The legislation would require the U.S. Department of Labor to track firms that move call center jobs overseas; the firms would then be ineligible for any direct or indirect federal loans or loan guarantees for five years.
According to CWA, total customer service/call center employment has dropped from 5.2 million in 2006 to 4.7 million in 2010, a loss of approximately 500,000 jobs in 4 years. The union says companies have taken millions in incentives from local taxpayers to open call centers in the U.S., only to offshore their operations a short time later and leave local communities devastated and still paying the bill.
U.S. lawmakers have made several unsuccessful attempts in the past to penalize corporations that send their call center operations off shore. To date, such proposed penalties have not made it into law. In 2010, Senator Charles Schumer (D, NY) said he would introduce legislation that would impose a $0.25-per-call excise tax on any customer service call placed in the U.S. that was transferred to a foreign call center and would require firms to inform U.S. customers when their call was being directed to foreign centers. Schumer never introduced the legislation.
However, Bishop has gained some traction in his efforts to ensure that taxpayer dollars do not benefit companies that choose to relocate jobs overseas despite slow job growth in the United States. In 2010, he supported an effort that successfully forced the United States Agency for International Development (USAID) to drop a program that would have used approximately $10 million in taxpayer funds to help train workers in Sri Lanka for jobs in the outsourcing industry.

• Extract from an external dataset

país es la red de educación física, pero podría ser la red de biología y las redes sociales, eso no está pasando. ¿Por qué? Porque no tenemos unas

The Challenge of Repatriating Call Centers
Savings in cost per call and cost per minute have lured many a U.S. firm to offshore its contact center operations. Recent arguments against the practice have focused on customer-centric metrics such as first-call resolution and related backlash in customer satisfaction ratings.

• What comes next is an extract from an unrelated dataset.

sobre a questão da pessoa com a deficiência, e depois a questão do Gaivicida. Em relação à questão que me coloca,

Earlier this year, citing a lack of quality service and actual cost savings from offshore outsourcing efforts, Delta Airlines Inc. said it would stop sending U.S. customer calls to its offshore call center, and US Airways LLC announced plans to close its Manila call center.
For most organizations, however, cost remains the greatest challenge in bringing call centers back onshore is cost. How will the company deliver a quality customer experience with home-shore call centers at a comparable price to offshoring?
Technology to Meet the Home-shoring Challenge
The call center is charged with meeting dynamic customer demands, oftentimes in always-on mode, at the lowest possible cost.
One trend that is helping organizations do this with home-shore agents is remote agent technologies, and government efforts to expand the U.S.-based broadband infrastructure are increasing the pool of available call center agent candidates.
Further aiding the availability and quality of remote resources is cloud-based, or hosted, call center solutions.
Cloud-based solutions offer call centers an option for cost management in allowing them to hire agents in areas where the labor costs are less than the current area, according to a white paper released by ICMI in December. Using normal attrition, the call center can replace agents that leave with agents in a lower-cost labor market. For a 100-seat call center with a 30% attrition rate over a period of two years, agent salary costs could be reduced by as much as $3 per hour.